All in all, it is important to highlight the research limitations and extensions of this study. But instead of dampening researchers’ spirits, limitations should serve to spur further research into an issue of vital importance. Limitations are mainly related to the OECD sample used (regions/countries, period and variables). In general, future research could include more environmental quality variables (more aspects than those associated to air pollution) related with health care expenditures (besides, more health outputs should be taken in mind) when considering all OECD countries or bearing in mind differences between developed and developing countries. When more data would be available, distinguishing by subperiods of time could be interesting, as for example, to consider other factors that lead to exhibit a significant association over the latest economic crisis. These and other issues could be considered as concerns of this interesting relationship that remains unexplained.

Editor in charge

Cristina Linares Gil.

Transparency declaration

The corresponding author on behalf of the other authors guarantee the accuracy, transparency and honesty of the data and information contained in the study, that no relevant information has been omitted and that all discrepancies between authors have been adequately resolved and described.

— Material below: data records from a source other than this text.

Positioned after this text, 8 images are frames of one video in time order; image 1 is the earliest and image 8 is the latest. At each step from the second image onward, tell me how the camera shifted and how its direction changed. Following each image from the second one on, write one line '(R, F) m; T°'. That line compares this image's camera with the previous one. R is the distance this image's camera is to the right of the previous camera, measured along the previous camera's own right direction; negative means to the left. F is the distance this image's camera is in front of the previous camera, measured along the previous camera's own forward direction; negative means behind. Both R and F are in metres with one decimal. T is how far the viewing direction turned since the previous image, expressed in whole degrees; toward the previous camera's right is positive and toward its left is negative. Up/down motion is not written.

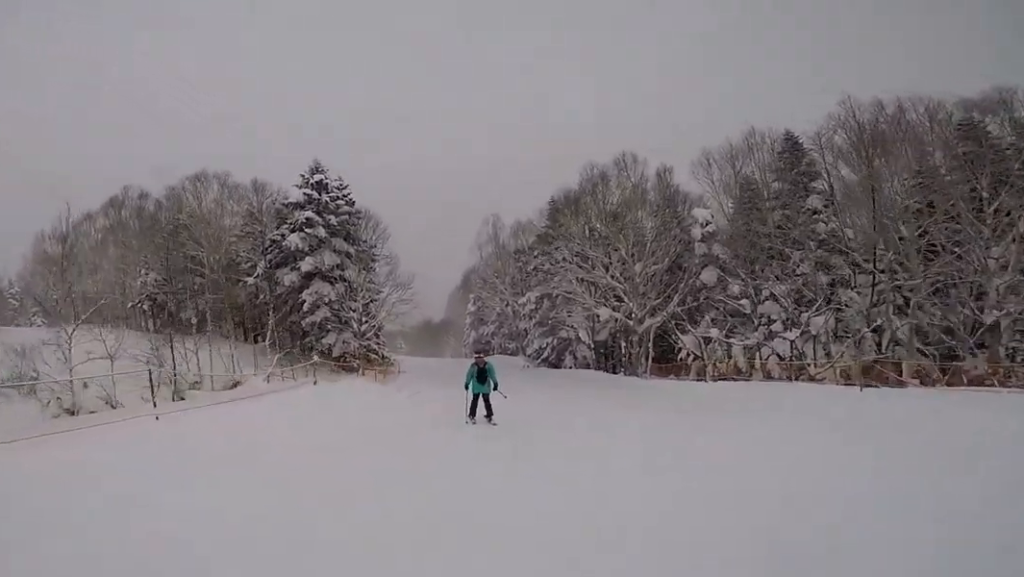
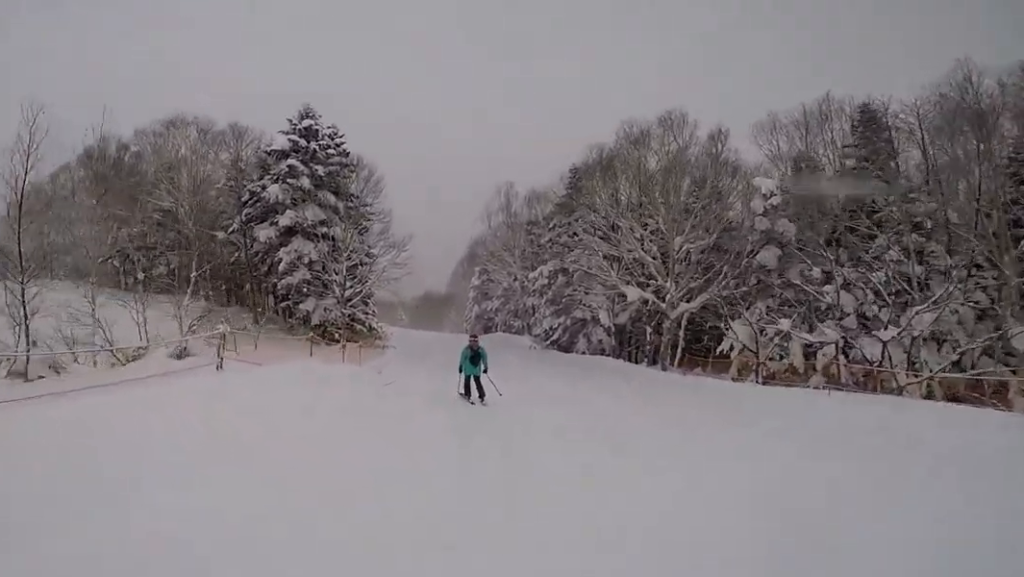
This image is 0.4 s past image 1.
(+0.2, +3.9) m; 0°
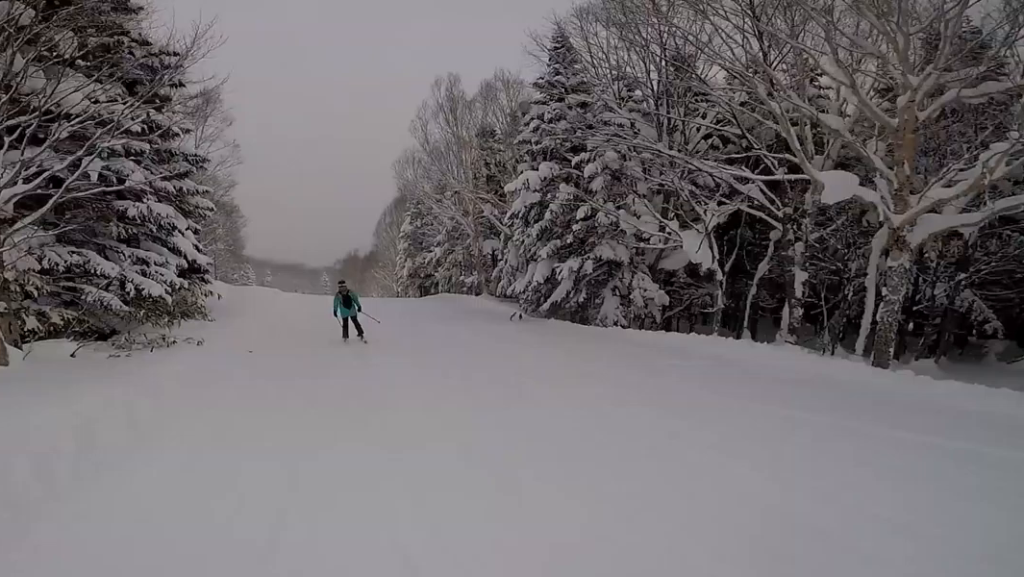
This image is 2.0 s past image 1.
(-0.6, +14.4) m; -8°
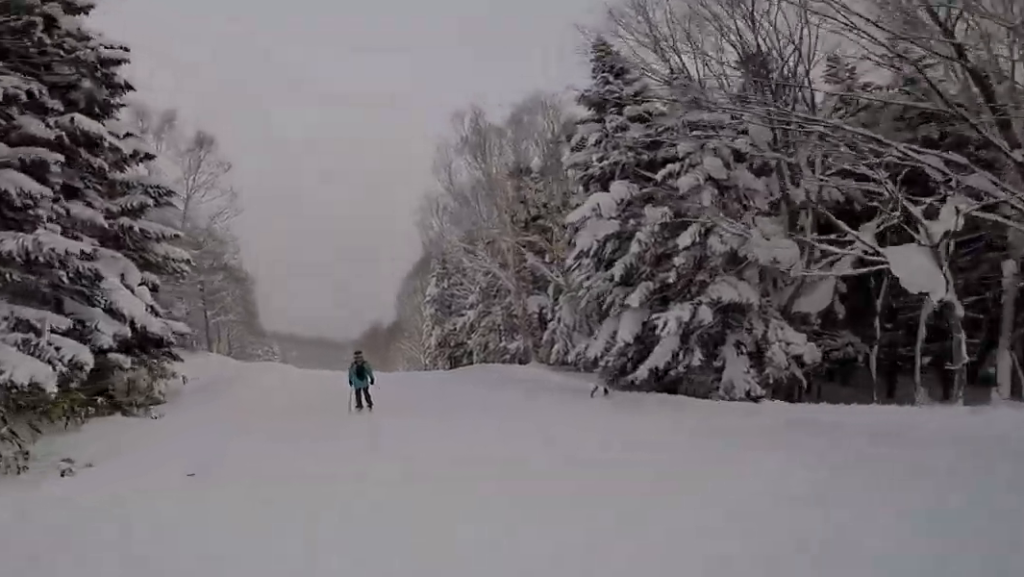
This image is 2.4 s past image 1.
(-0.3, +4.4) m; 0°
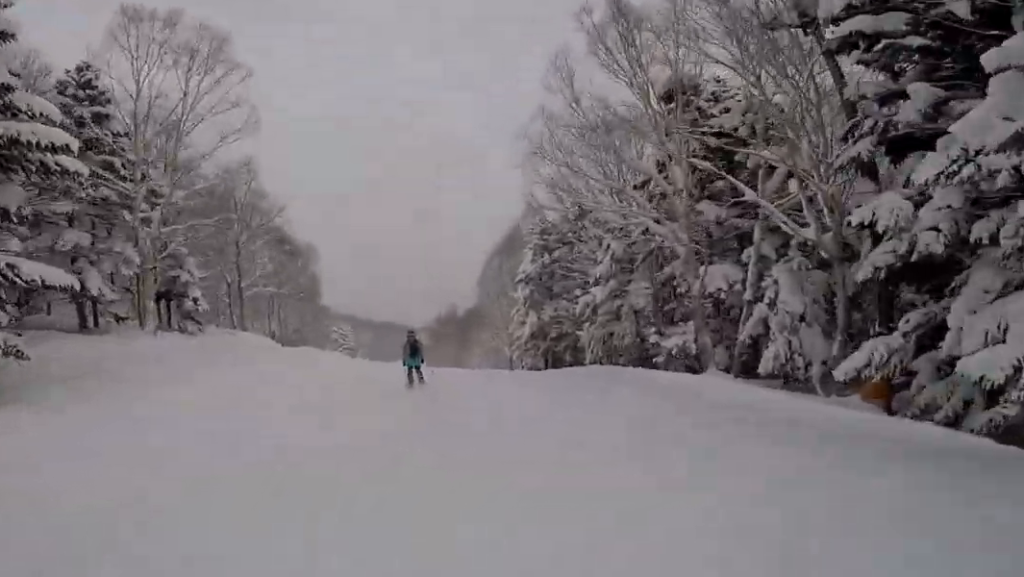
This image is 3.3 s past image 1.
(0.0, +7.9) m; -2°
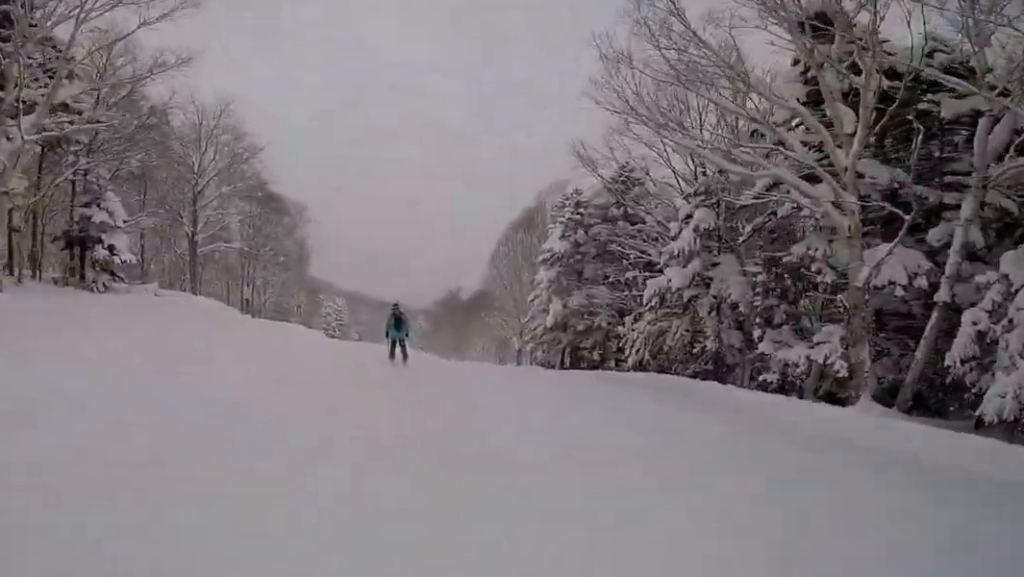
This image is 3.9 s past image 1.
(+0.4, +5.4) m; -2°
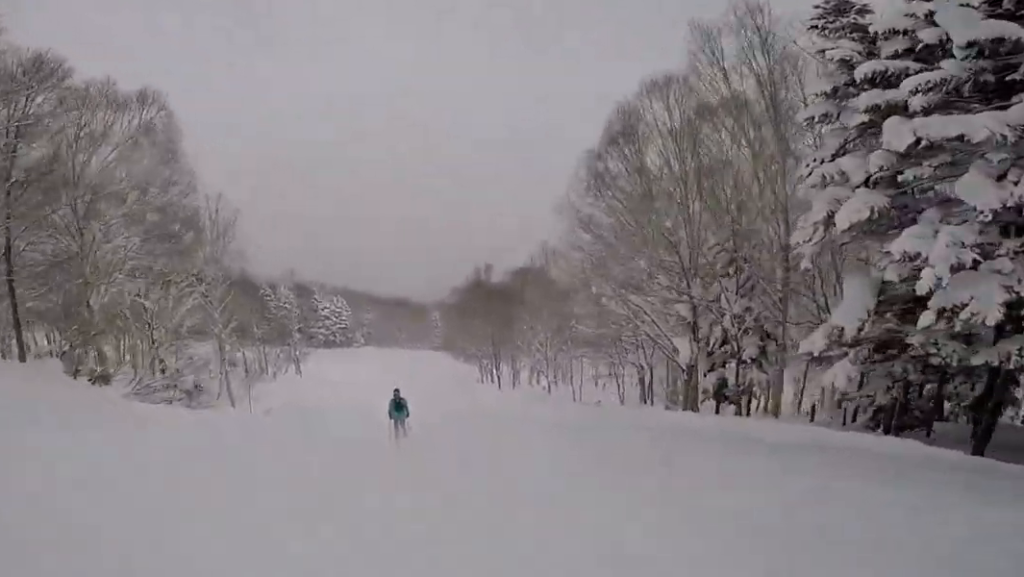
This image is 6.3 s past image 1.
(-0.7, +23.0) m; -2°
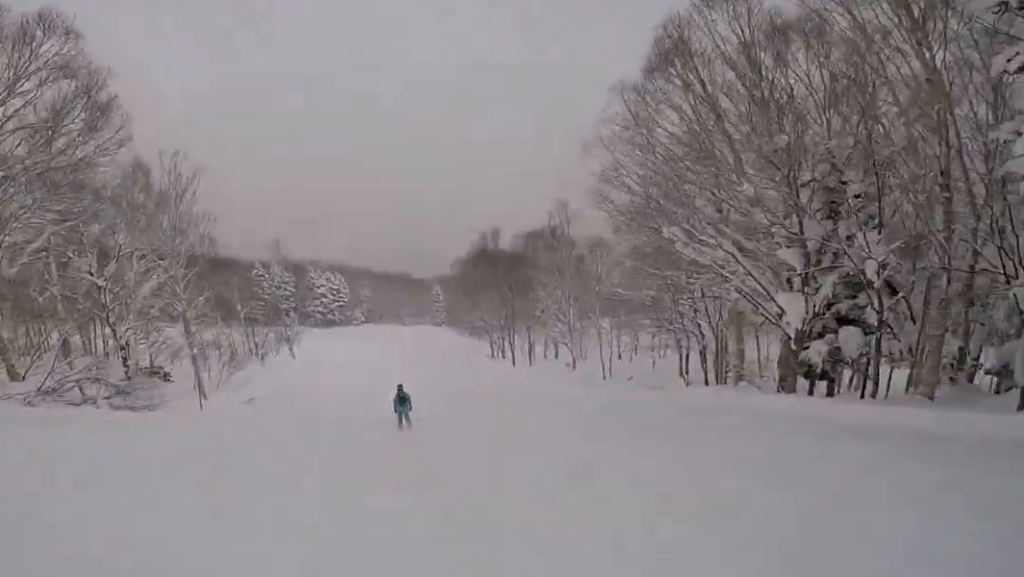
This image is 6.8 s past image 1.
(-0.5, +5.0) m; -2°

What is known about the topic?

Researchers are grappling with how best to characterize the effects of environmental air quality to address both health and environmental issues in a context of scarce resources. What is it well known is that air pollution is responsible for many adverse effects on health and well-being.

What does this study add to the literature?

We use recently data and introduce new variables in estimates that make a new image of the traditional ones in order to provide support about how health management and policy makers should include new insights for the use of cleaner fuels.

Authorship contributions

All authors developed the idea and contributed to the concept and design. All authors contributed to the writing of the manuscript and read and approved the final manuscript.

Acknowledgements

A previous version of the paper was presented at the XXXVII Jornadas de Economía de la Salud organized by the Spanish Health Economics Association and the Spanish Epidemiological Society in Barcelona, 6 to 8 September 2017. We are grateful for the comments received for the participants.

Carla Blázquez-Fernández thanks Spanish Health Economics Association (AES) - Travel Expenses for attending XXXVII Jornadas AES (Barcelona).